How many musical beats (also known as metronome markings, m.m.) occur in each minute.

This function should return the note’s duration in seconds.

count_notes

This function should count the number of notes that are contained in a tune. It should have one parameter:

tune (string)

A string that contains space-separated notes (e.g., "A2 G- F G A+1").

The function should return the number of notes contained in the given tune. For example, if passed the tune "A2 G- F G A+1", the function should return 5.

parse_tune

This function should parse a tune, converting it to note frequencies and durations. It should have two parameters:

tune (str)

A string containing space-separated descriptions of musical notes as described above.

bpm (int)

The number of musical beats / metronome markings / quarter notes in a minute.

The function should calculate the correct frequency (in Hz) and duration (in s) of each note, returning an iterable collection (list, tuple, etc.) of (frequency, duration) tuples.

Procedure

Please read the above description of theory carefully, then complete and submit your work to Gradescope as music.py.
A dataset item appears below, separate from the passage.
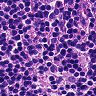
Metastatic tissue present: no

This file should import no external modules.

I would strongly encourage you to test your code using function calls such as the following:

# The following should evaluate to 261.62 Hz:
middle_c = note_frequency('C', 220)

# The following should evaluate to 2 s:
whole_note = note_duration(1, 120)

# A little ditty I just made up:
tune = "Ab4 Bb8 C8 D4 C Eb G#- Ab+"

# How many notes are in this tune?
notes = count_notes(tune)

# Figure out what notes would play this tune at 120 beats per minute:
results = parse_tune(tune, notes, 120)

Here are some examples of expected parse_tune() results:

Whole tune Note Frequency Duration

A2 G- F G A+1 @ tempo 120

A2

440 Hz (always start in 440 Hz octave)

1s (half note = 2 beats)

G-2

391.9954 Hz (G in the 220 Hz octave)

1s (stay with last duration)

F2

349.2282 Hz (still in the 220 Hz octave)

1s (stay with last duration)

G2

391.9954 Hz (G in the 220 Hz octave)

1s (stay with last duration)

A+1

440 Hz (back up to the 440 Hz octave)

2s (whole note = 4 beats)

Ab4 Bb8 C8 D4 C Eb G#- Ab+ @ tempo 96

Ab4

415.3047 Hz (A♭: semitone below A440)

0.625 s (quarter note = 1 beat)

Bb8

466.1638 Hz (B♭: semitone below B)

0.3125 s (eighth note = 1/2 beat)

C8

523.2511 Hz (C above 440)

0.3125 s (eighth note = 1/2 beat)

D4

587.3295 Hz (D above 440)

0.625 s (quarter note = 1 beat)

C

523.2511 Hz (C above 440)

0.625 s (stick with previous duration)

Eb

622.2540 Hz (E♭: semitone below E)

0.625 s (stick with previous duration)

G#-

415.3047 Hz (G♯ in the 220 Hz octave)

0.625 s (stick with previous duration)

Ab+

415.3047 Hz (A♭ in the 440 Hz octave)

0.625 s (stick with previous duration)

As always, assignments in this course must be done individually. You can (and are encouraged to!) work together on exercises, but you must do the assignments yourself. If in doubt, come and talk with me.

Submission

Submit your Python script (which must be named music.py) to Gradescope. As always, assignments in this course must be done individually. You can (and are encouraged to!) work together on exercises, but you must do the assignments yourself. If in doubt, come and talk with me.